本文围绕面向QOS约束的工作流优化调度以及如何增强动态环境下的用户QOS满意度两个方面展开研究。论文的主要研究内容和创新包括:
(1)提出了时间约束下基于CRO的工作流费用优化算法
传统的基于分层思想的工作流费用优化算法为工作流任务设定固定的时间窗口,在一定程度上限制了算法的搜索范围。本文将化学反应优化算法应用于时间约束下的科学工作流费用优化调度问题中并与启发式算法GreedyCost-TD相结合,提出了工作流费用优化算法CROTD。针对该优化问题,构建了四种化学分子反应操作的实施规则并基于正交试验给出了算法的优化参数设置。为了避免求解过程中产生不满足工作流时序约束的无效解,提出了基于任务依赖度的初始随机分子构造方法。通过对不同规模的Montage和LIGO工作流的实验结果表明,CROTD算法在费用优化方面具有较好的性能。
(2)提出了费用约束下基于性能评估的工作流动态调度算法
针对资源上网格任务及本地任务负载的动态性导致任务执行时间难以预测而影响做出有效调度决策的问题,提出以M/M/C型随机服务系统建模资源的执行性能,给出了任务在资源节点上的执行时间的估算方法。基于列表调度的思想和所建立的资源性能评估模型,提出了费用约束下基于性能评估的工作流动态调度算法SSWC_PE。

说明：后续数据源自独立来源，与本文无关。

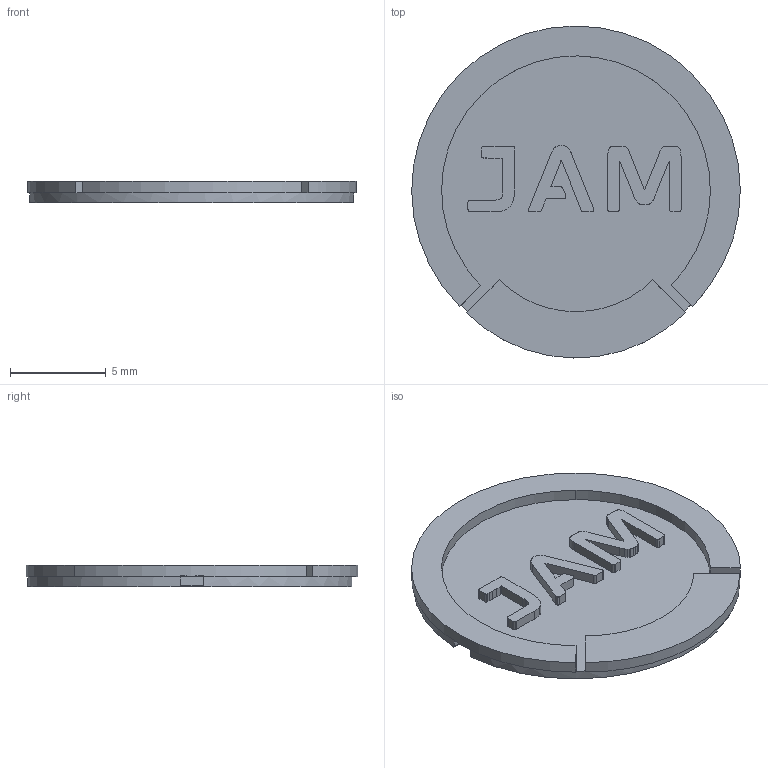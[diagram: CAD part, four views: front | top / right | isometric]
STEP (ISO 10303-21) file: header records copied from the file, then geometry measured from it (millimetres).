
FILE_DESCRIPTION(/* description */ (''),/* implementation_level */ '2;1');
FILE_NAME(/* name */ 'JB - Halo_logo.step',/* time_stamp */ '2025-11-06T17:24:15-05:00',/* author */ (''),/* organization */ (''),/* preprocessor_version */ 'ST-DEVELOPER v20.1',/* originating_system */ 'Autodesk Translation Framework v14.17.0.0',/* authorisation */ '');
FILE_SCHEMA (('AUTOMOTIVE_DESIGN { 1 0 10303 214 3 1 1 }'));
Length unit declared in the file: millimetre
Products named in the file (1): 2025-10-01-00-15-45-869
Bounding box: 17.17 x 17.35 x 1.1 mm (x, y, z)
Volume: 170.9 mm3; surface area: 584.1 mm2
Topology: 1 solids, 1 shells, 160 faces, 453 edges, 298 vertices
Faces by surface type: bspline 93, plane 57, cylinder 10
Entity records: 5617 total; most frequent: CARTESIAN_POINT 2155, ORIENTED_EDGE 906, EDGE_CURVE 453, DIRECTION 415, VERTEX_POINT 298, LINE 247, VECTOR 247, B_SPLINE_CURVE_WITH_KNOTS 182

通过对不同规模的Montage和LIGO工作流的实验结果表明,与GreedyTime-CD、LOSS算法相比,SSWC_PE算法在执行时间方面具有较好的性能表现。
(3)提出了时间约束下的工作流可靠调度模型与算法
网格环境中资源失效情况较为普遍,对资源可靠性以及资源上任务负载状况的感知将极大地增加应用在资源上执行的可靠性。在考虑本地任务对资源服务能力影响的基础上,本文提出采用随机服务模型建模资源的动态服务能力和负载压力,给出了任务在资源上的“执行可靠性”的定义及其计算方法。然后,结合“资源可靠度”和“执行可靠性”建立了一个新的资源节点可靠性评估模型。在此基础上,提出了一种时间约束下的工作流可靠性调度算法RSA_TC。算法将用户时间约束划分到每个子任务中,将整个工作流的全局优化问题转化为单个任务的局部优化问题,降低了问题的复杂度。实验结果表明,提出的可靠性模型能够准确反映网格资源的任务执行特征,RSA_TC算法在执行可靠性方面优于HEFT、PRMS算法。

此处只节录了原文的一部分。